» Materials provided:
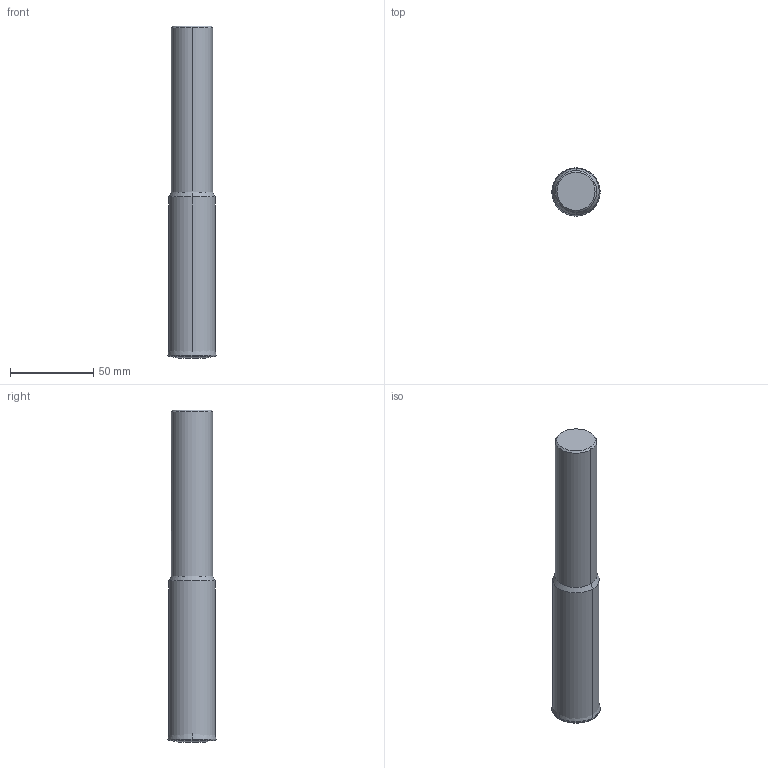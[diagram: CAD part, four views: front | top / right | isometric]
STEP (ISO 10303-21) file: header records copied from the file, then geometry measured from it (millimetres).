
FILE_DESCRIPTION(('no description'),'unknown implementation level');
FILE_NAME('solidCX_FslwlhTQ8UbfAO5it8tfW3Ys_1.STP',' ',('CIM GmbH Aachen'),('CADClick - KiM GmbH - www.kimweb.de'),'unknown preprocess','ACIS','unknown authorization');
FILE_SCHEMA(('automotive_design'));
Length unit declared in the file: millimetre
Products named in the file (2): 1; 2
Bounding box: 29.11 x 29.11 x 200 mm (x, y, z)
Volume: 112784.3 mm3; surface area: 19349.8 mm2
Topology: 2 solids, 2 shells, 45 faces, 117 edges, 74 vertices
Faces by surface type: cone 14, torus 12, cylinder 12, plane 7
Entity records: 3002 total; most frequent: CARTESIAN_POINT 491, DIRECTION 269, STYLED_ITEM 238, PRESENTATION_STYLE_ASSIGNMENT 238, COLOUR_RGB 238, ORIENTED_EDGE 234, EDGE_CURVE 117, AXIS2_PLACEMENT_3D 117
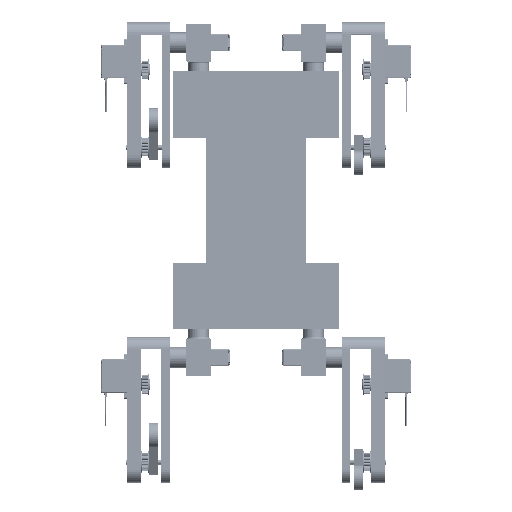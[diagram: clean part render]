
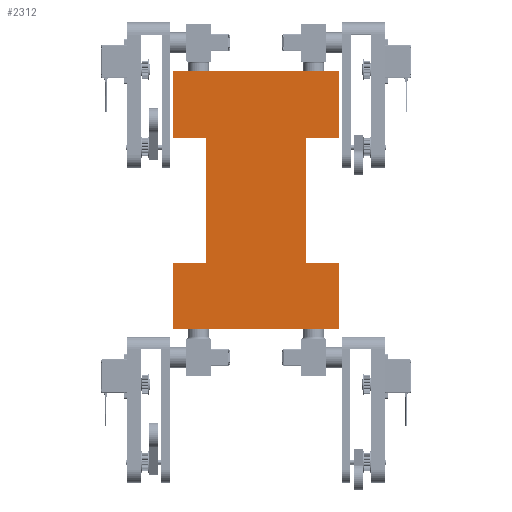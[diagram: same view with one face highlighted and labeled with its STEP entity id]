
A CAD part, front view. The second image highlights one B-rep face of the part: STEP entity #2312.
In plain terms, the highlighted planar face has unit normal (0, -1, 0).
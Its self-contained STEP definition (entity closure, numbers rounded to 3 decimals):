
#1=DIRECTION('',(0.,0.,-1.));
#2=VECTOR('',#1,150.);
#3=CARTESIAN_POINT('',(60.,0.,75.));
#4=LINE('',#3,#2);
#5=DIRECTION('',(0.,0.,-1.));
#6=VECTOR('',#5,80.);
#7=CARTESIAN_POINT('',(100.,0.,-75.));
#8=LINE('',#7,#6);
#9=DIRECTION('',(0.,0.,1.));
#10=VECTOR('',#9,150.);
#11=CARTESIAN_POINT('',(-60.,0.,-75.));
#12=LINE('',#11,#10);
#13=DIRECTION('',(0.,0.,1.));
#14=VECTOR('',#13,80.);
#15=CARTESIAN_POINT('',(-100.,0.,75.));
#16=LINE('',#15,#14);
#25=DIRECTION('',(-1.,0.,0.));
#26=VECTOR('',#25,40.);
#27=CARTESIAN_POINT('',(-60.,0.,-75.));
#28=LINE('',#27,#26);
#45=DIRECTION('',(-1.,0.,0.));
#46=VECTOR('',#45,40.);
#47=CARTESIAN_POINT('',(100.,0.,-75.));
#48=LINE('',#47,#46);
#197=DIRECTION('',(0.,0.,-1.));
#198=VECTOR('',#197,80.);
#199=CARTESIAN_POINT('',(-100.,0.,-75.));
#200=LINE('',#199,#198);
#213=DIRECTION('',(-1.,0.,0.));
#214=VECTOR('',#213,200.);
#215=CARTESIAN_POINT('',(100.,0.,-155.));
#216=LINE('',#215,#214);
#421=DIRECTION('',(1.,0.,0.));
#422=VECTOR('',#421,200.);
#423=CARTESIAN_POINT('',(-100.,0.,155.));
#424=LINE('',#423,#422);
#545=DIRECTION('',(0.,0.,1.));
#546=VECTOR('',#545,80.);
#547=CARTESIAN_POINT('',(100.,0.,75.));
#548=LINE('',#547,#546);
#557=DIRECTION('',(1.,0.,0.));
#558=VECTOR('',#557,40.);
#559=CARTESIAN_POINT('',(-100.,0.,75.));
#560=LINE('',#559,#558);
#561=DIRECTION('',(1.,0.,0.));
#562=VECTOR('',#561,40.);
#563=CARTESIAN_POINT('',(60.,0.,75.));
#564=LINE('',#563,#562);
#1753=CARTESIAN_POINT('',(100.,0.,75.));
#1755=VERTEX_POINT('',#1753);
#1758=CARTESIAN_POINT('',(-100.,0.,75.));
#1760=VERTEX_POINT('',#1758);
#1761=CARTESIAN_POINT('',(-100.,0.,155.));
#1762=CARTESIAN_POINT('',(100.,0.,155.));
#1763=VERTEX_POINT('',#1761);
#1764=VERTEX_POINT('',#1762);
#1765=CARTESIAN_POINT('',(-60.,0.,75.));
#1767=VERTEX_POINT('',#1765);
#1769=CARTESIAN_POINT('',(60.,0.,75.));
#1771=VERTEX_POINT('',#1769);
#1773=CARTESIAN_POINT('',(-100.,0.,-75.));
#1775=VERTEX_POINT('',#1773);
#1778=CARTESIAN_POINT('',(100.,0.,-75.));
#1780=VERTEX_POINT('',#1778);
#1781=CARTESIAN_POINT('',(100.,0.,-155.));
#1782=CARTESIAN_POINT('',(-100.,0.,-155.));
#1783=VERTEX_POINT('',#1781);
#1784=VERTEX_POINT('',#1782);
#1785=CARTESIAN_POINT('',(-60.,0.,-75.));
#1787=VERTEX_POINT('',#1785);
#1789=CARTESIAN_POINT('',(60.,0.,-75.));
#1791=VERTEX_POINT('',#1789);
#2281=CARTESIAN_POINT('',(0.,0.,0.));
#2282=DIRECTION('',(0.,1.,0.));
#2283=DIRECTION('',(1.,0.,0.));
#2284=AXIS2_PLACEMENT_3D('',#2281,#2282,#2283);
#2285=PLANE('',#2284);
#2287=ORIENTED_EDGE('',*,*,#2286,.T.);
#2289=ORIENTED_EDGE('',*,*,#2288,.F.);
#2291=ORIENTED_EDGE('',*,*,#2290,.T.);
#2293=ORIENTED_EDGE('',*,*,#2292,.T.);
#2295=ORIENTED_EDGE('',*,*,#2294,.F.);
#2297=ORIENTED_EDGE('',*,*,#2296,.F.);
#2299=ORIENTED_EDGE('',*,*,#2298,.T.);
#2301=ORIENTED_EDGE('',*,*,#2300,.F.);
#2303=ORIENTED_EDGE('',*,*,#2302,.T.);
#2305=ORIENTED_EDGE('',*,*,#2304,.T.);
#2307=ORIENTED_EDGE('',*,*,#2306,.F.);
#2309=ORIENTED_EDGE('',*,*,#2308,.F.);
#2310=EDGE_LOOP('',(#2287,#2289,#2291,#2293,#2295,#2297,#2299,#2301,#2303,#2305,
#2307,#2309));
#2311=FACE_OUTER_BOUND('',#2310,.F.);
#2312=ADVANCED_FACE('',(#2311),#2285,.F.);
#2286=EDGE_CURVE('',#1771,#1791,#4,.T.);
#2288=EDGE_CURVE('',#1780,#1791,#48,.T.);
#2290=EDGE_CURVE('',#1780,#1783,#8,.T.);
#2292=EDGE_CURVE('',#1783,#1784,#216,.T.);
#2294=EDGE_CURVE('',#1775,#1784,#200,.T.);
#2296=EDGE_CURVE('',#1787,#1775,#28,.T.);
#2298=EDGE_CURVE('',#1787,#1767,#12,.T.);
#2300=EDGE_CURVE('',#1760,#1767,#560,.T.);
#2302=EDGE_CURVE('',#1760,#1763,#16,.T.);
#2304=EDGE_CURVE('',#1763,#1764,#424,.T.);
#2306=EDGE_CURVE('',#1755,#1764,#548,.T.);
#2308=EDGE_CURVE('',#1771,#1755,#564,.T.);
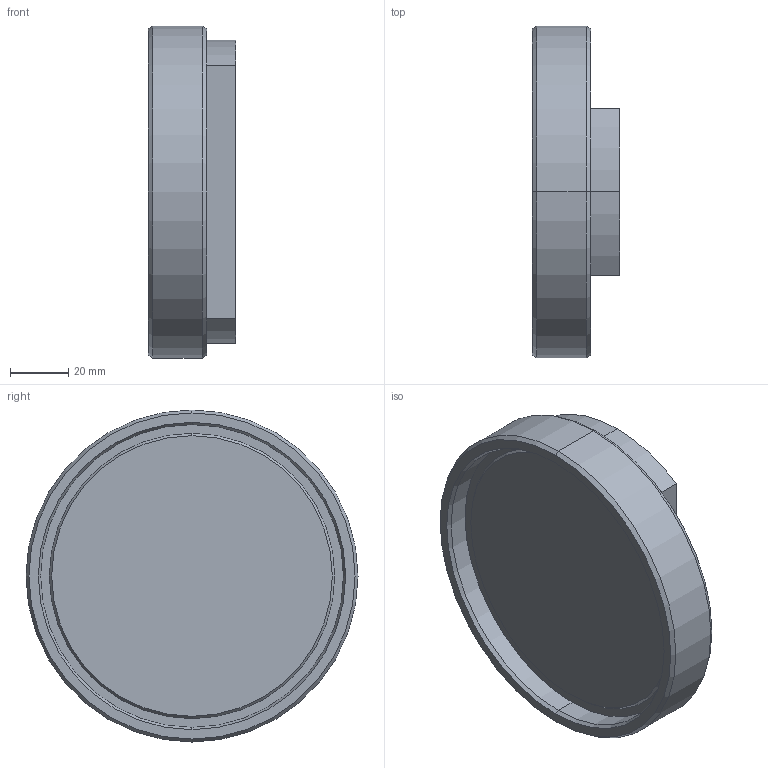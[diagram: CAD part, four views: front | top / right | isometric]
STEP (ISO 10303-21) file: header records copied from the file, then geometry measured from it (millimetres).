
FILE_DESCRIPTION (( 'STEP AP203' ), '1' );
FILE_NAME ('3D_R704_DN104_168041580.STEP', '2024-08-08T10:34:41', ( '' ), ( '' ), 'SwSTEP 2.0', 'SolidWorks 2024', '' );
FILE_SCHEMA (( 'CONFIG_CONTROL_DESIGN' ));
Length unit declared in the file: millimetre
Products named in the file (1): 3D_R704_DN104_168041580
Bounding box: 30 x 114 x 114 mm (x, y, z)
Volume: 198774.3 mm3; surface area: 32638 mm2
Topology: 1 solids, 1 shells, 22 faces, 45 edges, 28 vertices
Faces by surface type: cone 8, cylinder 7, plane 7
Entity records: 662 total; most frequent: DIRECTION 115, CARTESIAN_POINT 96, ORIENTED_EDGE 90, AXIS2_PLACEMENT_3D 47, EDGE_CURVE 45, VERTEX_POINT 28, EDGE_LOOP 25, CIRCLE 24
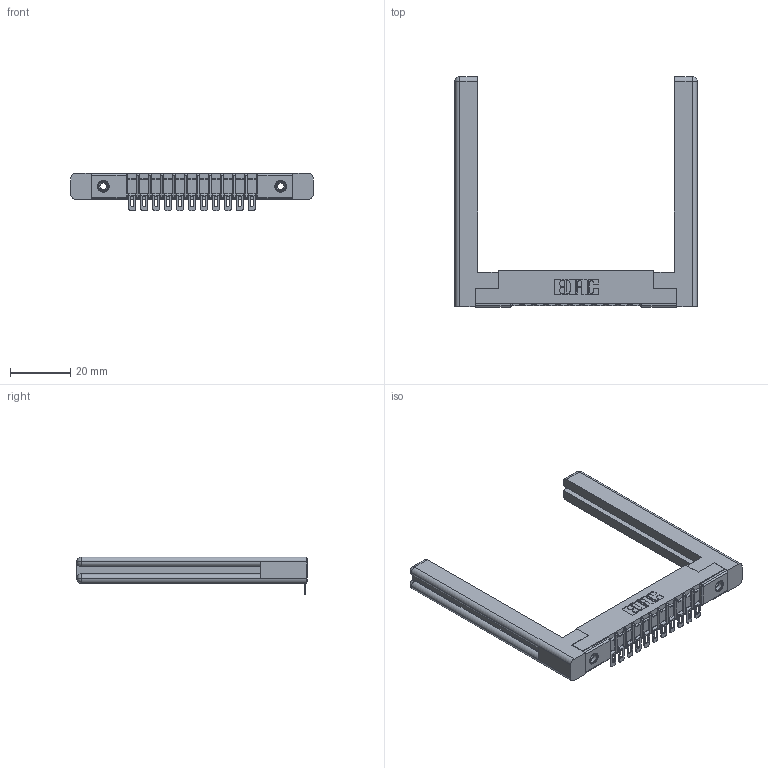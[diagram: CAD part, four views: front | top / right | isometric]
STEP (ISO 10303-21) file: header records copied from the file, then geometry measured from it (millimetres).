
FILE_DESCRIPTION (( 'STEP AP203' ), '1' );
FILE_NAME ('307-011-554-158.STEP', '2019-09-04T19:37:26', ( '' ), ( '' ), 'SwSTEP 2.0', 'SolidWorks 2016', '' );
FILE_SCHEMA (( 'CONFIG_CONTROL_DESIGN' ));
Length unit declared in the file: inch
Products named in the file (5): 307-220-058; 307-011-554-158; 307 Part_.156 Dia Mounting Holes; 307-290-002_554; 345-250-001_345-250-001-102
Assembly tree (16 placements, depth 2):
  307-011-554-158
    307 Part_.156 Dia Mounting Holes
    307-290-002_554  x11
    307-220-058  x2
    345-250-001_345-250-001-102  x2
Bounding box: 80.21 x 76.33 x 12.52 mm (x, y, z)
Volume: 12972.1 mm3; surface area: 14086.4 mm2
Topology: 16 solids, 16 shells, 1163 faces, 3460 edges, 2260 vertices
Faces by surface type: plane 660, cylinder 455, sphere 24, torus 12, cone 12
Entity records: 16850 total; most frequent: CARTESIAN_POINT 2845, ORIENTED_EDGE 2774, DIRECTION 2745, EDGE_CURVE 1387, VECTOR 1037, LINE 1037, VERTEX_POINT 900, AXIS2_PLACEMENT_3D 854

» What you are asked to do: Retype exactly, and only, the lines above from the one where "#15=CARTESIAN_POINT('',(-100.,0.,75.));" occurs up to and including the one where "#48=LINE('',#47,#46);" occurs.

» Response to the exercise:
#15=CARTESIAN_POINT('',(-100.,0.,75.));
#16=LINE('',#15,#14);
#25=DIRECTION('',(-1.,0.,0.));
#26=VECTOR('',#25,40.);
#27=CARTESIAN_POINT('',(-60.,0.,-75.));
#28=LINE('',#27,#26);
#45=DIRECTION('',(-1.,0.,0.));
#46=VECTOR('',#45,40.);
#47=CARTESIAN_POINT('',(100.,0.,-75.));
#48=LINE('',#47,#46);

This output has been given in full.